Much of the appeal of time travel stories relates to, surprisingly, familiarity. We've learned (or at least used to learn) in school about the Trojan War, the French Revolution, the Titanic, Billy the Kid, etc. This show re-lived those tales with a modern-day twist. What would two modern-era men do in these historical events? Would they, could they, effect changes? Should they? The shows depicting historical events were best. When it tried some standard-fare sci-fi things, like trips into the future or outer space, the stories kind of plodded along and floundered.

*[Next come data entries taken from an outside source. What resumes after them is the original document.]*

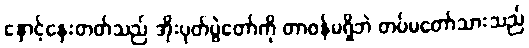
နှောင့်နှေးတတ်သည် အိုးပုတ်ပွဲတော်ကို တာဝန်မရှိဘဲ တပ်မတော်သားသည်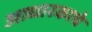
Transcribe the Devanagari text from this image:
आधारकाचे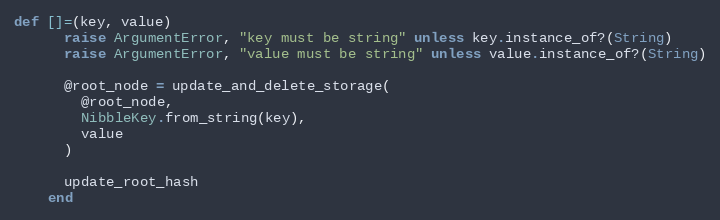
Language: Ruby
def []=(key, value)
      raise ArgumentError, "key must be string" unless key.instance_of?(String)
      raise ArgumentError, "value must be string" unless value.instance_of?(String)

      @root_node = update_and_delete_storage(
        @root_node,
        NibbleKey.from_string(key),
        value
      )

      update_root_hash
    end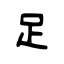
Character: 足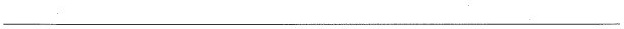
___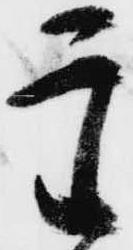
主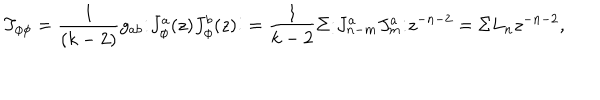
T _ { \phi \phi } = \frac { 1 } { ( k - 2 ) } g _ { a b } { \large : } J _ { \phi } ^ { a } ( z ) J _ { \phi } ^ { b } ( z ) { \large : } = \frac { 1 } { k - 2 } \Sigma { \large : } J _ { n - m } ^ { a } J _ { m } ^ { a } { \large : } z ^ { - n - 2 } = \Sigma L _ { n } z ^ { - n - 2 } ,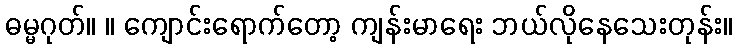
ဓမ္မဂုတ်။ ။ ကျောင်းရောက်တော့ ကျန်းမာရေး ဘယ်လိုနေသေးတုန်း။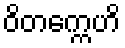
ဝိတက္ကေဟိ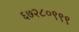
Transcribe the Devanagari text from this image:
६७२८०९९९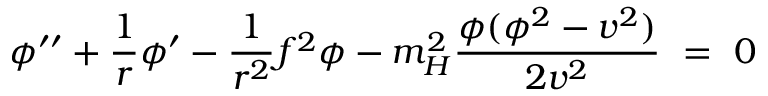
\phi ^ { \prime \prime } + \frac 1 r \phi ^ { \prime } - \frac 1 { r ^ { 2 } } f ^ { 2 } \phi - m _ { H } ^ { 2 } \frac { \phi ( \phi ^ { 2 } - v ^ { 2 } ) } { 2 v ^ { 2 } } \ = \ 0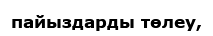
пайыздарды төлеу,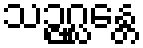
သဉ္ဇဂ္ဃန္တေ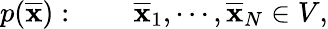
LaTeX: p({\overline{{\mathbf{x}}}}):\qquad{\overline{{\mathbf{x}}}}_{1},\cdots,{\overline{{\mathbf{x}}}}_{N}\in V,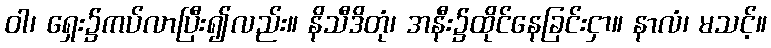
ဝါ၊ ရှေး၌ကပ်လာပြီး၍လည်း။ နိသီဒိတုံ၊ အနီး၌ထိုင်နေခြင်းငှာ။ နာလံ၊ မသင့်။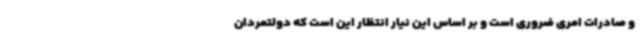
و صادرات امری ضروری است و بر اساس این نیار انتظار این است که دولتمردان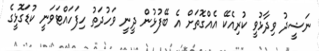
ނަޝީދު ވިދާޅުވީ ކުރިއެކޭ އެއްގޮތަށް އެ ބޭފުޅުން ދީނީ ވަހުދަތު ހިފަހައްޓަވަނީ ކުޑަގޮޅީގެ
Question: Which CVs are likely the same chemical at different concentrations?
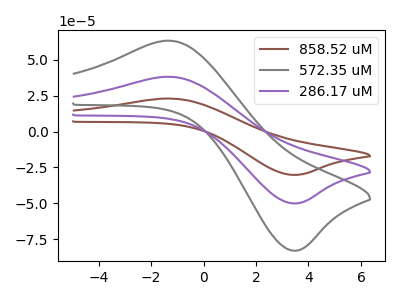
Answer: <think>The brown curve "858.52 uM" has an anodic peak at (-1.25V, 76.35uA) and a cathodic peak at (3.40V, -100.00uA). The gray curve "572.35 uM" has an anodic peak at (-1.25V, 63.30uA) and a cathodic peak at (3.40V, -82.90uA). The purple curve "286.17 uM" has an anodic peak at (-1.25V, 38.20uA) and a cathodic peak at (3.40V, -50.00uA).
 All the peaks in "858.52 uM" have a peak in "572.35 uM" at the same potential. Every peak in "858.52 uM" is higher than every peak in "572.35 uM". All the peaks in "858.52 uM" have a peak in "286.17 uM" at the same potential. Every peak in "858.52 uM" is higher than every peak in "286.17 uM". All the peaks in "572.35 uM" have a peak in "286.17 uM" at the same potential. Every peak in "572.35 uM" is higher than every peak in "286.17 uM".</think>
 <answer>"572.35 uM", "858.52 uM" and "286.17 uM" have the same shape and are likely CV's of the same chemical.</answer>
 <eval>"572.35 uM" "858.52 uM" "286.17 uM"</eval>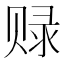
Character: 𲃃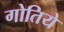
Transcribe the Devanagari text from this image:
गोतिये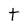
Character: T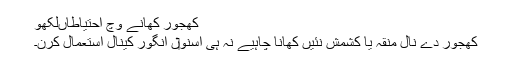
کھجور کھانے وچ احتیاطاںلکھو
کھجور دے نال منقہ یا کشمش نئيں کھانا چاہیے نہ ہی اسنو‏ں انگور کینال استعمال کرن۔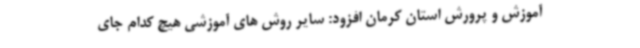
آموزش و پرورش استان کرمان افزود: سایر روش های آموزشی هیچ کدام جای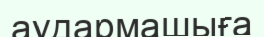
аудармашыға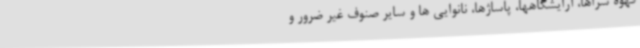
قهوه سراها، آرایشگاهها، پاساژها، نانوایی ها و سایر صنوف غیر ضرور و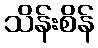
သိန်းစိန်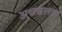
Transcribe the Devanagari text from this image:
अचञ्चलाय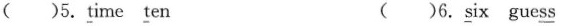
( )5.\underline{t}ime \underline{t}en ( )6.\underline{s}ix gue\underline{ss}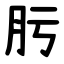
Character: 肟
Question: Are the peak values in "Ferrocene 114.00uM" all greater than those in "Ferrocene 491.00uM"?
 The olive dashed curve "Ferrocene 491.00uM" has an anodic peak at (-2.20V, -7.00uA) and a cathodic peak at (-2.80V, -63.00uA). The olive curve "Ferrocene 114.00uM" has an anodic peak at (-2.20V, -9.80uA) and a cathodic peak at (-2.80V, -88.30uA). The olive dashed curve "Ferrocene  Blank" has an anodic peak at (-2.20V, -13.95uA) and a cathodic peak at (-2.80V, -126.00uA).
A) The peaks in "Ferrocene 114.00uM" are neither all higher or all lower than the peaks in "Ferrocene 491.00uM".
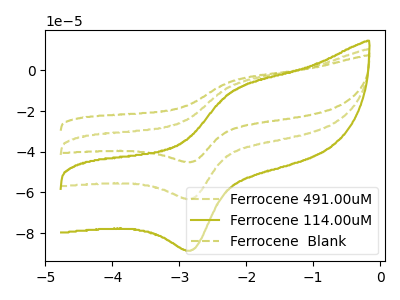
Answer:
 <answer>A) The peaks in "Ferrocene 114.00uM" are neither all higher or all lower than the peaks in "Ferrocene 491.00uM".</answer>
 <eval>A</eval>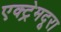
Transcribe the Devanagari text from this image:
एक्ट्रेमदूरा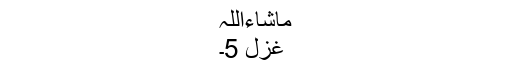
ماشاءاللہ
غزل 5۔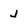
Character: j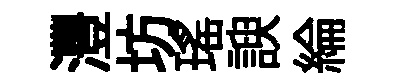
灃坊瑶諛綸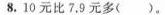
8.10元比7.9元多( )。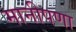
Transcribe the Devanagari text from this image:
मानीपणा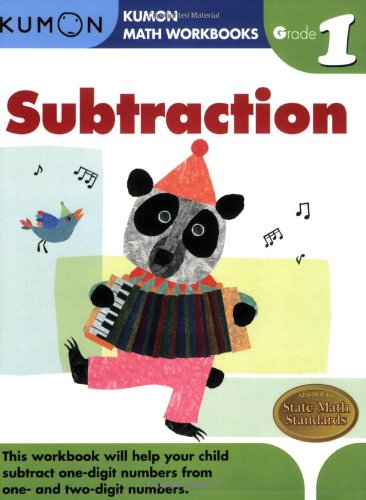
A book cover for Grade 1 Subtraction (Kumon Math Workbooks); Kumon Publishing; Children's Books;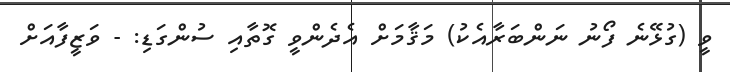
ވީ (ގުޅޭނެ ފޯނު ނަންބަރާއެކު) މަޤާމަށް އެދެންވީ ގޮތާއި ސުންގަޑި: - ވަޒީފާއަށް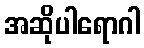
အဆိုပါရောဂါ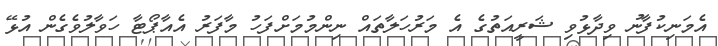
އެމަނިކުފާނު ވިދާޅުވި ޝަރީއަތުގެ އެ މަރުހަލާތައް ނިންމުމަށްފަހު މާފަރު އެއާޕޯޓާ ހަވާލުވެގެން އުޅޭ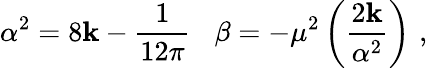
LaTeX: \alpha^{2}=8\mathbf{k}-\frac{{1}}{{12\pi}}\, \, \, \, \, \beta=-\mu^{2}\left(\frac{{2\mathbf{k}}}{{\alpha^{2}}}\right)\, \, ,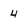
Character: 4

But...some suspension of disbelief is a must if you watch this show. First, why did the time travellers have to end up in every episode in the middle of some dangerous, terrifying, world-shaking event? Why did they never appear in my quiet backyard back in the 1950s in suburban New Jersey, or out on a farm in Kokomo, Indiana? They would have saved themselves a lot of wear and tear. Oh, but, then we wouldn't have much of a show, right? Ah. Somehow, the stars always managed to get cleaned up and a set of fresh clothes just in time to make their next time leap, no matter how badly tattered and torn they were from their current misadventure. Pretty neat, that. I wish I had one of those when I wake up at 6 a.m. But, hey, if you can make a time machine, its probably no big deal to throw in an instant clothes changer and time traveller touch-up device. Lets not be square, play along with the gag and we'll enjoy the show more.
You'll recognize many of the cast. James Darren of course was the teenage heartthrob of the early '60s as Gidget's boyfriend. Sci-fi stalwarts Whit Bissel and John Zaremba reprise familiar characters. And Lee Meriwether adds some nice eye candy as the comely and brainy project scientist.
For its time, the Tunnel featured some nifty gadgets, although some of them were borrowed for/from and used in contemporary shows like Batman and Voyage to the Bottom of the Sea. Those ancient mainframe-style computer banks look awfully familiar from different shows. But, hey, this was the '60s, and those were pretty modern back then. The Tunnel itself was quite striking, appearing to fade off into infinity when activated thanks to the magic of matte art and decent camera work. I've heard that the show's producers originally tried for a "time vortex" effect, showing clips of stock film footage from different eras speeding by the viewer as the time travelers made another leap in time. But when they tried it the effect looked more like a blurry version of brown pea soup. So they opted for the pop-art Tunnel, with very nice results.
Overall, a good sci fi effort from the mid '60s, for those who remember such a time fondly.